= Joseph Hajjar =

Joseph Hajjar (1923–2015) was a Syrian-born priest in the Melkite Greek Catholic Church who was particularly known for historical works covering the fortunes of Christians in the Levant, concentrating on the nineteenth century. Hajjar's interests, however, covered wider spheres, including the permanent synod in the patriarchate of Constantinople down to the eleventh century, church history in modern times also involving the European territories of the Ottoman Empire and the question of Christian ecclesiastical tribunals in the Muslim world including their suppression in Egypt.

==Biography==
Hajjar was born in Damascus, Syria in 1923, and became an ordained priest in Jerusalem in 1946. He was the director of the journal Concilium, which referenced the preoccupations of the Second Vatican Council, something that governed many of his publications. He also contributed to ISTINA.

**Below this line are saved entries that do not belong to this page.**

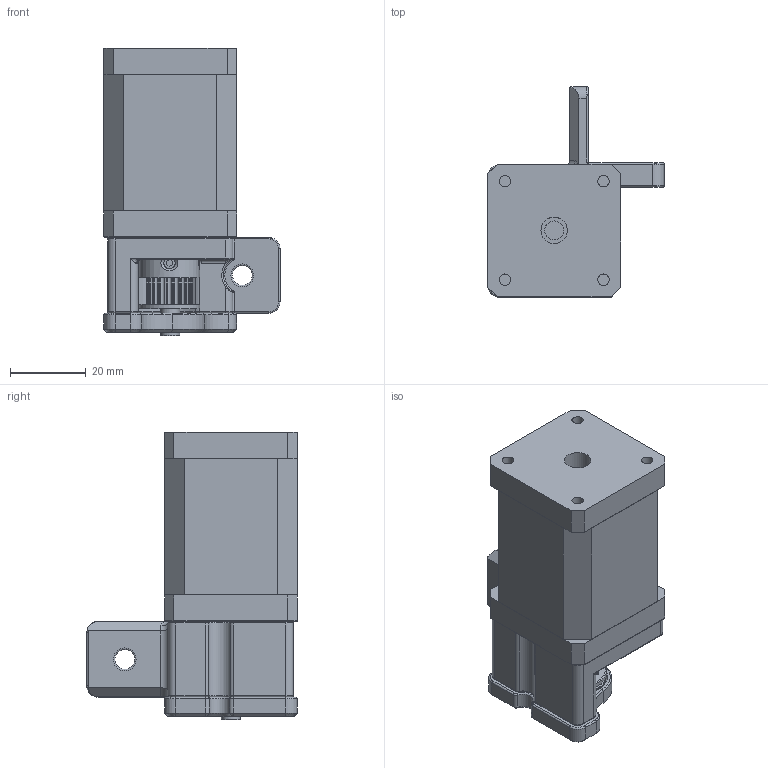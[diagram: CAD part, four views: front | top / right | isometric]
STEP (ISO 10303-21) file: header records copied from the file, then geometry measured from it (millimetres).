
FILE_DESCRIPTION(/* description */ ('','CAx-IF Rec.Pracs.---Representation and Presentation of Product Manufacturing Information (PMI)---4.0---2014-10-13'),/* implementation_level */ '2;1');
FILE_NAME(/* name */ 'Y Axis Left Stepper.step',/* time_stamp */ '2024-12-21T10:24:09-05:00',/* author */ (''),/* organization */ (''),/* preprocessor_version */ 'ST-DEVELOPER v20',/* originating_system */ 'Autodesk Translation Framework v13.20.0.188',/* authorisation */ '');
FILE_SCHEMA (('AP242_MANAGED_MODEL_BASED_3D_ENGINEERING_MIM_LF { 1 0 10303 442 1 1 4 }'));
Length unit declared in the file: millimetre
Products named in the file (7): Y Axis Left Stepper; Hardware (2) (1); 91292A020_18-8 Stainless Steel Socket Head Screw; F695 ZZ (3) (1) (3); 91292A111_18-8 Stainless Steel Socket Head Screw; GT2 20T Pulley 6mm (2); Nema14 (1) (1)
Assembly tree (8 placements, depth 3):
  Y Axis Left Stepper
    Hardware (2) (1)
      91292A020_18-8 Stainless Steel Socket Head Screw  x3
      F695 ZZ (3) (1) (3)
      91292A111_18-8 Stainless Steel Socket Head Screw
    GT2 20T Pulley 6mm (2)
    Nema14 (1) (1)
Bounding box: 46.5 x 55.5 x 76 mm (x, y, z)
Volume: 78772.5 mm3; surface area: 28930.2 mm2
Topology: 14 solids, 14 shells, 761 faces, 1952 edges, 1238 vertices
Faces by surface type: cylinder 445, plane 159, cone 86, torus 53, bspline 18
Full cylindrical faces by diameter (mm): 2.35 x116, 3 x131, 3.2 x7, 4 x1, 5 x5, 5.2 x2, 5.5 x8, 6.5 x2, 7 x1, 11.5 x2, 13 x1, 13.1 x1, 15 x1, 15.1 x1, 16 x2, 22 x1, 22.2 x1
Entity records: 26384 total; most frequent: CARTESIAN_POINT 12729, DIRECTION 2842, ORIENTED_EDGE 2822, EDGE_CURVE 1411, AXIS2_PLACEMENT_3D 1123, VERTEX_POINT 886, EDGE_LOOP 635, LINE 596
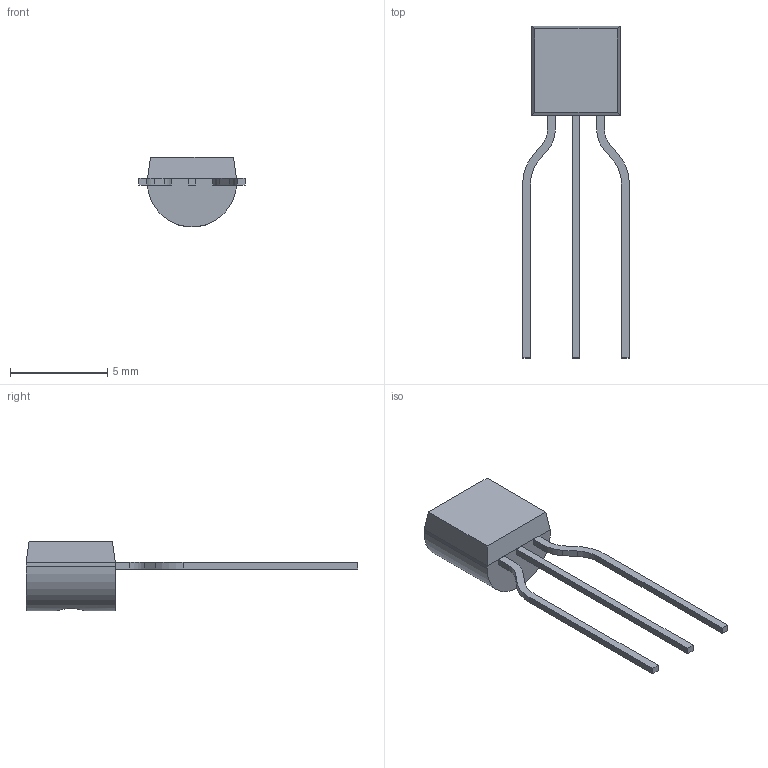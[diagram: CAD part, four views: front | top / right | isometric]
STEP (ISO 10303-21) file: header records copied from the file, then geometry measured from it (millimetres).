
FILE_DESCRIPTION (( 'STEP AP214' ), '1' );
FILE_NAME ('BC556B.STEP', '2024-05-31T18:46:43', ( '' ), ( '' ), 'SwSTEP 2.0', 'SolidWorks 2021', '' );
FILE_SCHEMA (( 'AUTOMOTIVE_DESIGN' ));
Length unit declared in the file: millimetre
Products named in the file (1): BC556B
Bounding box: 5.48 x 17.1 x 3.6 mm (x, y, z)
Volume: 69.1 mm3; surface area: 149.4 mm2
Topology: 4 solids, 4 shells, 48 faces, 113 edges, 74 vertices
Faces by surface type: plane 35, cylinder 13
Entity records: 1458 total; most frequent: CARTESIAN_POINT 268, DIRECTION 233, ORIENTED_EDGE 226, EDGE_CURVE 113, VECTOR 87, LINE 87, VERTEX_POINT 74, AXIS2_PLACEMENT_3D 73

A member of the Belgian Académie Internationale des Sciences Religieuses, Hajjar proved active in international associations in Germany and France, where he had earlier studied. He died in 2015.

==Selected works==
- Un lutteur infatigable, le patriarche Maximos III Mazloum, Harissa (Lebanon) 1957.
- Le synode permanent (Synodos endemousa) de l'Eglise byzantine des origines jusqu'au XIè siècle, Rome 1962 (Orientalia christiana Analecta, no.164).
- Les chrétiens uniates du Proche Orient, Seuil 1962.
- L'Europe et les destinées du Proche-Orient (1815–1848), Bloud & Gay, 1970 (Bibliothèque de l'histoire de l'Eglise, collection publiée sous la direction d'Eugène Jarry).
- Le christianisme en Orient - Etudes d'histoire contemporaine (1684–1968), Librairie du Liban 1971.
- Le Vatican, la France et le Catholicisme Oriental, Beauchesne 1997.

===In collaboration===
- Ludovicus Jacobus Rogier, Guillaume de Bertier de Sauvigny, Joseph Hajjar: Nouvelle histoire de l'Eglise. 4 Siècle des Lumières, Révolutions, Restaurations, Seuil 1966.
- Roger Aubert, Jean Bruls, Paul E. Crunican, John Tracy Ellis, Joseph Hajjar, Frederick B. Pike: Nouvelle Histoire de l'Eglise. 5 L'Eglise dans le Monde Moderne, Seuil 1975.

==Sources==
- Antoine Guillaumont, review of Joseph Hajjar, Les chrétiens uniates du Proche-Orient, in Revue de l'histoire des religions, vol.168 (1965), p. 211.
- Étienne Fouilloux, review of Joseph Hajjar, Le Christianisme en Orient-Etudes d'histoire contemporaine (1684–1968), in Archives des Sciences sociales des religions, vol. 31 (1971), p. 206-207.
- Étienne Fouilloux, review of Joseph Hajjar, Religion et Politique en Méditerrannée orientale (1878–1914), in Archives des Sciences sociales des religions, vol.50/2 (1980), p. 167-175.